Your objective:
How many lines in the records below contain "outdoors"? Reply with the number alone.

Given data:
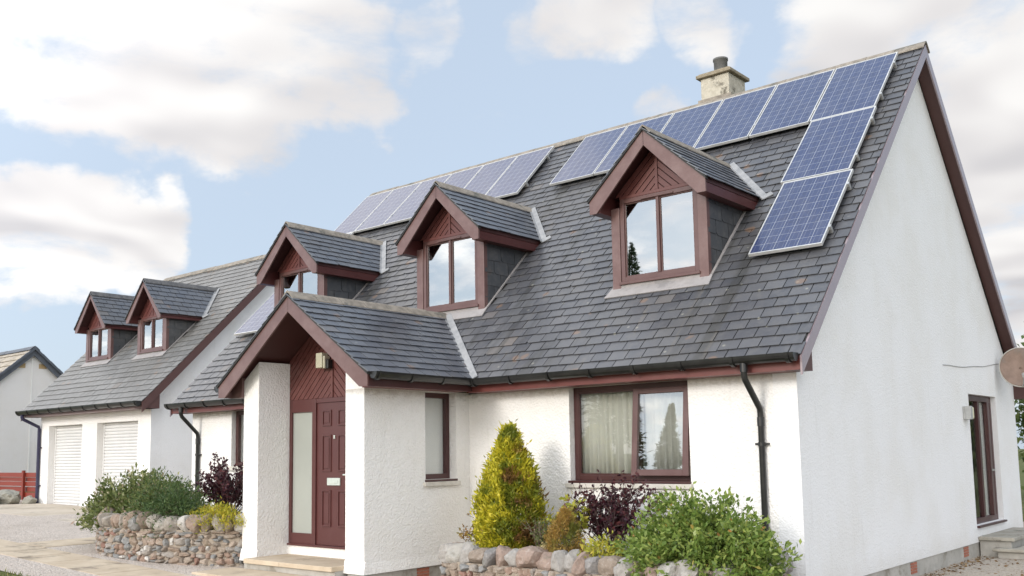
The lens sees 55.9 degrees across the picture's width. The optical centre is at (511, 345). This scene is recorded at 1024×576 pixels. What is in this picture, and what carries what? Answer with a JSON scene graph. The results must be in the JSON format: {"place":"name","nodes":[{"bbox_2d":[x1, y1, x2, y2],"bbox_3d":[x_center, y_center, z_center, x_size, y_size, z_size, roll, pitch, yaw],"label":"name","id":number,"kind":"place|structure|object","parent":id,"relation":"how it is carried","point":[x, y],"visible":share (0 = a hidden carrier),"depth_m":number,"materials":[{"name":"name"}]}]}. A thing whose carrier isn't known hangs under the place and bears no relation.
{"place":"outdoors","nodes":[
{"label":"outdoors","id":0,"kind":"place"},
{"bbox_2d":[23,537,95,547],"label":"side path","id":1,"kind":"structure","parent":0,"point":[67,542],"depth_m":16.16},
{"bbox_2d":[0,539,189,575],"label":"slab path","id":2,"kind":"structure","parent":0,"point":[82,563],"depth_m":13.92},
{"bbox_2d":[0,500,243,575],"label":"driveway","id":3,"kind":"structure","parent":0,"point":[19,528],"depth_m":16.33,"materials":[{"name":"grey gravel"}]},
{"bbox_2d":[0,489,20,499],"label":"boulder","id":4,"kind":"object","parent":3,"relation":"on","point":[17,493],"visible":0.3,"depth_m":26.08,"materials":[{"name":"grey stone"}]},
{"bbox_2d":[21,495,36,503],"bbox_3d":[-12.734,4.075,25.426,0.403,0.266,0.300,-1,-6,2],"label":"boulder","id":5,"kind":"object","parent":3,"relation":"on","point":[29,499],"visible":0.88,"depth_m":25.31,"materials":[{"name":"grey stone"}]},
{"bbox_2d":[94,505,243,566],"bbox_3d":[-4.843,2.968,15.206,3.721,0.886,2.648,-6,-8,40],"label":"stone planter","id":6,"kind":"object","parent":3,"relation":"on","point":[213,547],"visible":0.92,"depth_m":13.88,"materials":[{"name":"stone"}]},
{"bbox_2d":[71,462,207,532],"bbox_3d":[-5.945,2.485,15.594,3.221,1.235,1.877,-6,-8,40],"label":"feathery shrub","id":7,"kind":"object","parent":6,"relation":"on","point":[109,497],"visible":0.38,"depth_m":15.40,"materials":[{"name":"green plant"}]},
{"bbox_2d":[119,465,223,540],"bbox_3d":[-5.075,2.395,14.504,2.117,1.210,1.446,-6,-8,40],"label":"dark juniper","id":8,"kind":"object","parent":6,"relation":"on","point":[173,505],"visible":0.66,"depth_m":14.31,"materials":[{"name":"green plant"}]},
{"bbox_2d":[179,496,246,533],"bbox_3d":[-4.281,2.414,13.883,1.388,0.538,0.800,-6,-8,40],"label":"yellow heather","id":9,"kind":"object","parent":6,"relation":"on","point":[213,510],"visible":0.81,"depth_m":13.68,"materials":[{"name":"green plant"}]},
{"bbox_2d":[192,452,242,511],"bbox_3d":[-4.347,2.146,14.671,1.528,1.071,0.954,-6,-8,40],"label":"plum shrub","id":10,"kind":"object","parent":6,"relation":"on","point":[222,485],"visible":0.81,"depth_m":14.52,"materials":[{"name":"purple plant"}]},
{"bbox_2d":[0,449,1023,575],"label":"ground","id":11,"kind":"structure","parent":0,"point":[1021,466],"depth_m":40.52,"materials":[{"name":"green plant"}]},
{"bbox_2d":[0,569,30,575],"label":"lawn grass","id":12,"kind":"structure","parent":11,"relation":"on","point":[10,573],"depth_m":12.57,"materials":[{"name":"green plant"}]},
{"bbox_2d":[0,470,35,499],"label":"fence","id":13,"kind":"object","parent":11,"relation":"on","point":[7,480],"visible":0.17,"depth_m":27.75,"materials":[{"name":"red wood"}]},
{"bbox_2d":[0,346,62,486],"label":"neighbour house","id":14,"kind":"structure","parent":11,"relation":"on","point":[28,375],"depth_m":33.24,"materials":[{"name":"paint"}]},
{"bbox_2d":[0,502,92,522],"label":"garage apron","id":15,"kind":"object","parent":11,"relation":"on","point":[38,509],"visible":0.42,"depth_m":22.95,"materials":[{"name":"concrete"}]},
{"bbox_2d":[0,491,19,503],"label":"boulder","id":16,"kind":"object","parent":15,"relation":"on","point":[7,497],"visible":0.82,"depth_m":25.24,"materials":[{"name":"grey stone"}]},
{"bbox_2d":[15,254,273,506],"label":"garage","id":17,"kind":"structure","parent":11,"relation":"on","point":[153,347],"depth_m":24.19,"materials":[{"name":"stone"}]},
{"bbox_2d":[53,425,81,505],"bbox_3d":[-11.430,3.122,25.019,1.850,2.130,0.070,-6,-8,40],"label":"garage door","id":18,"kind":"structure","parent":17,"relation":"in","point":[68,439],"depth_m":25.12,"materials":[{"name":"white metal"}]},
{"bbox_2d":[102,421,137,489],"bbox_3d":[-9.387,2.900,23.299,1.970,2.130,0.070,-6,-8,40],"label":"garage door","id":19,"kind":"structure","parent":17,"relation":"in","point":[120,439],"depth_m":23.45,"materials":[{"name":"white metal"}]},
{"bbox_2d":[164,41,1023,575],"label":"house","id":20,"kind":"structure","parent":11,"relation":"on","point":[824,389],"depth_m":13.15,"materials":[{"name":"paint"}]},
{"bbox_2d":[228,411,243,470],"bbox_3d":[-4.573,1.657,16.984,1.240,1.065,0.210,-6,-8,40],"label":"window","id":21,"kind":"structure","parent":20,"relation":"in","point":[239,414],"depth_m":17.34,"materials":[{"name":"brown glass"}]},
{"bbox_2d":[234,293,273,335],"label":"solar panel","id":22,"kind":"object","parent":20,"relation":"attached to","point":[255,320],"visible":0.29,"depth_m":19.21,"materials":[{"name":"glass"}]},
{"bbox_2d":[316,353,331,368],"bbox_3d":[-2.617,0.207,13.422,0.225,0.225,0.122,-6,-8,40],"label":"porch light","id":23,"kind":"object","parent":20,"relation":"attached to","point":[323,360],"visible":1,"depth_m":13.38,"materials":[{"name":"beige plastic"}]},
{"bbox_2d":[316,401,345,546],"bbox_3d":[-2.421,1.746,13.207,0.841,1.959,0.117,-6,-8,40],"label":"front door","id":24,"kind":"structure","parent":20,"relation":"in","point":[331,416],"depth_m":13.28,"materials":[{"name":"red paint"}]},
{"bbox_2d":[335,190,392,233],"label":"solar panel","id":25,"kind":"object","parent":20,"relation":"attached to","point":[356,218],"visible":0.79,"depth_m":21.37,"materials":[{"name":"glass"}]},
{"bbox_2d":[354,182,421,232],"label":"solar panel","id":26,"kind":"object","parent":20,"relation":"attached to","point":[381,214],"visible":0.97,"depth_m":20.73,"materials":[{"name":"glass"}]},
{"bbox_2d":[383,174,451,225],"bbox_3d":[-1.946,-3.051,20.214,0.952,1.630,0.101,-6,-53,40],"label":"solar panel","id":27,"kind":"object","parent":20,"relation":"attached to","point":[406,209],"visible":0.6,"depth_m":20.20,"materials":[{"name":"glass"}]},
{"bbox_2d":[423,393,460,486],"bbox_3d":[-1.030,1.271,13.175,0.253,1.265,0.685,-6,-8,40],"label":"porch window","id":28,"kind":"structure","parent":20,"relation":"in","point":[437,456],"depth_m":13.32,"materials":[{"name":"brown glass"}]},
{"bbox_2d":[445,165,483,187],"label":"solar panel","id":29,"kind":"object","parent":20,"relation":"attached to","point":[462,179],"visible":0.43,"depth_m":19.86,"materials":[{"name":"glass"}]},
{"bbox_2d":[464,156,517,194],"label":"solar panel","id":30,"kind":"object","parent":20,"relation":"attached to","point":[485,179],"visible":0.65,"depth_m":19.16,"materials":[{"name":"glass"}]},
{"bbox_2d":[486,146,554,197],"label":"solar panel","id":31,"kind":"object","parent":20,"relation":"attached to","point":[517,175],"visible":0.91,"depth_m":18.41,"materials":[{"name":"glass"}]},
{"bbox_2d":[549,126,627,185],"bbox_3d":[1.406,-3.416,17.392,1.005,1.630,0.101,-6,-53,40],"label":"solar panel","id":32,"kind":"object","parent":20,"relation":"attached to","point":[588,156],"visible":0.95,"depth_m":17.32,"materials":[{"name":"glass"}]},
{"bbox_2d":[581,391,645,480],"bbox_3d":[1.270,1.136,12.267,0.970,1.160,0.078,-6,-8,40],"label":"curtain","id":33,"kind":"object","parent":20,"relation":"hanging from","point":[606,432],"visible":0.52,"depth_m":12.30,"materials":[{"name":"beige fabric"}]},
{"bbox_2d":[565,380,693,488],"bbox_3d":[1.438,1.110,11.918,1.840,1.280,0.225,-6,-8,40],"label":"window","id":34,"kind":"structure","parent":20,"relation":"in","point":[658,478],"depth_m":11.81,"materials":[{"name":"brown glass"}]},
{"bbox_2d":[594,113,673,175],"bbox_3d":[2.142,-3.496,16.772,1.005,1.630,0.101,-6,-53,40],"label":"solar panel","id":35,"kind":"object","parent":20,"relation":"attached to","point":[658,124],"visible":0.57,"depth_m":16.93,"materials":[{"name":"glass"}]},
{"bbox_2d":[644,392,682,468],"bbox_3d":[1.944,1.063,11.706,0.770,1.160,0.076,-6,-8,40],"label":"window pane","id":36,"kind":"object","parent":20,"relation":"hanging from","point":[664,423],"visible":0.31,"depth_m":11.78,"materials":[{"name":"clear glass"}]},
{"bbox_2d":[661,99,723,146],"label":"solar panel","id":37,"kind":"object","parent":20,"relation":"attached to","point":[688,126],"visible":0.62,"depth_m":16.23,"materials":[{"name":"glass"}]},
{"bbox_2d":[694,85,776,149],"bbox_3d":[3.615,-3.656,15.532,1.005,1.630,0.101,-6,-53,40],"label":"solar panel","id":38,"kind":"object","parent":20,"relation":"attached to","point":[735,118],"visible":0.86,"depth_m":15.46,"materials":[{"name":"glass"}]},
{"bbox_2d":[749,69,834,137],"bbox_3d":[4.352,-3.736,14.912,1.005,1.630,0.101,-6,-53,40],"label":"solar panel","id":39,"kind":"object","parent":20,"relation":"attached to","point":[792,104],"visible":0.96,"depth_m":14.84,"materials":[{"name":"glass"}]},
{"bbox_2d":[748,169,853,256],"bbox_3d":[3.682,-1.677,12.216,1.005,1.630,0.101,-6,-53,40],"label":"solar panel","id":40,"kind":"object","parent":20,"relation":"attached to","point":[801,213],"visible":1,"depth_m":12.14,"materials":[{"name":"glass"}]},
{"bbox_2d":[780,106,876,184],"bbox_3d":[4.378,-2.751,13.268,1.005,1.630,0.101,-6,-53,40],"label":"solar panel","id":41,"kind":"object","parent":20,"relation":"attached to","point":[831,144],"visible":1,"depth_m":13.21,"materials":[{"name":"glass"}]},
{"bbox_2d":[810,52,897,122],"bbox_3d":[5.088,-3.816,14.292,1.005,1.630,0.101,-6,-53,40],"label":"solar panel","id":42,"kind":"object","parent":20,"relation":"attached to","point":[855,86],"visible":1,"depth_m":14.24,"materials":[{"name":"glass"}]},
{"bbox_2d":[963,406,973,419],"bbox_3d":[7.192,1.052,15.177,0.119,0.210,0.220,-6,-8,40],"label":"wall lamp","id":43,"kind":"object","parent":20,"relation":"attached to","point":[968,412],"visible":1,"depth_m":15.10,"materials":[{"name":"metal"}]},
{"bbox_2d":[943,364,996,366],"bbox_3d":[7.623,0.299,15.870,0.011,0.236,3.501,-6,-8,40],"label":"aerial cable","id":44,"kind":"object","parent":20,"relation":"attached to","point":[972,366],"visible":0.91,"depth_m":15.84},
{"bbox_2d":[968,395,1006,527],"bbox_3d":[7.817,1.885,16.001,0.212,2.125,1.680,-6,-8,40],"label":"patio door","id":45,"kind":"structure","parent":20,"relation":"in","point":[982,410],"depth_m":16.36,"materials":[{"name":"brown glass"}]},
{"bbox_2d":[999,347,1023,386],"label":"satellite dish","id":46,"kind":"object","parent":20,"relation":"attached to","point":[1011,366],"visible":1,"depth_m":16.70,"materials":[{"name":"metal"}]},
{"bbox_2d":[438,540,793,575],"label":"stone planter","id":47,"kind":"object","parent":11,"relation":"on","point":[468,558],"visible":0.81,"depth_m":10.64,"materials":[{"name":"stone"}]},
{"bbox_2d":[456,511,478,541],"bbox_3d":[-0.464,2.313,12.165,0.468,0.545,0.378,-6,-8,40],"label":"straggly plant","id":48,"kind":"object","parent":47,"relation":"on","point":[467,532],"visible":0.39,"depth_m":12.13,"materials":[{"name":"beige plant"}]},
{"bbox_2d":[465,419,553,548],"bbox_3d":[-0.032,1.783,11.950,1.110,1.766,1.067,-1,-6,2],"label":"golden conifer","id":49,"kind":"object","parent":47,"relation":"on","point":[509,489],"visible":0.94,"depth_m":11.73,"materials":[{"name":"yellow plant"}]},
{"bbox_2d":[516,512,554,547],"bbox_3d":[0.371,2.215,11.264,0.419,0.516,0.534,4,-8,-38],"label":"grey leaved plant","id":50,"kind":"object","parent":47,"relation":"on","point":[537,527],"visible":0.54,"depth_m":11.28,"materials":[{"name":"green plant"}]},
{"bbox_2d":[519,539,552,550],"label":"straw tuft","id":51,"kind":"object","parent":47,"relation":"on","point":[543,546],"visible":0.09,"depth_m":10.92,"materials":[{"name":"beige plant"}]},
{"bbox_2d":[541,506,588,552],"bbox_3d":[0.574,2.126,10.861,0.538,0.664,0.524,-6,-8,40],"label":"copper conifer","id":52,"kind":"object","parent":47,"relation":"on","point":[563,522],"visible":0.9,"depth_m":10.78,"materials":[{"name":"orange plant"}]},
{"bbox_2d":[544,491,590,552],"bbox_3d":[0.703,2.084,11.277,0.416,0.765,0.667,3,-8,-35],"label":"yellow leaved plant","id":53,"kind":"object","parent":47,"relation":"on","point":[582,518],"visible":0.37,"depth_m":11.21,"materials":[{"name":"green plant"}]},
{"bbox_2d":[577,528,626,558],"bbox_3d":[0.944,2.205,10.347,0.720,0.513,0.572,-6,-8,40],"label":"lime shrub","id":54,"kind":"object","parent":47,"relation":"on","point":[597,548],"visible":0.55,"depth_m":10.30,"materials":[{"name":"yellow plant"}]},
{"bbox_2d":[564,469,665,554],"bbox_3d":[1.213,1.932,11.153,1.514,1.007,0.770,-6,-8,40],"label":"purple shrub","id":55,"kind":"object","parent":47,"relation":"on","point":[616,519],"visible":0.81,"depth_m":11.10,"materials":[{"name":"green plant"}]},
{"bbox_2d":[609,481,802,575],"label":"green shrub","id":56,"kind":"object","parent":47,"relation":"on","point":[698,535],"visible":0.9,"depth_m":9.53,"materials":[{"name":"green plant"}]},
{"bbox_2d":[919,522,1023,575],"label":"forecourt","id":57,"kind":"structure","parent":11,"relation":"on","point":[991,569],"depth_m":13.62,"materials":[{"name":"grey gravel"}]},
{"bbox_2d":[924,556,1023,575],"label":"leaf litter","id":58,"kind":"object","parent":57,"relation":"on","point":[948,570],"visible":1,"depth_m":13.92,"materials":[{"name":"brown plant"}]},
{"bbox_2d":[1014,335,1023,489],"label":"broadleaf tree","id":59,"kind":"object","parent":11,"relation":"on","point":[1018,415],"visible":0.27,"depth_m":29.78,"materials":[{"name":"green plant"}]},
{"bbox_2d":[0,0,1023,448],"label":"sky","id":60,"kind":"structure","parent":0,"point":[140,139],"materials":[{"name":"blue"}]},
{"bbox_2d":[979,527,1023,558],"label":"patio steps","id":61,"kind":"structure","parent":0,"point":[1008,543],"depth_m":15.10,"materials":[{"name":"concrete"}]}
]}

Task response:
2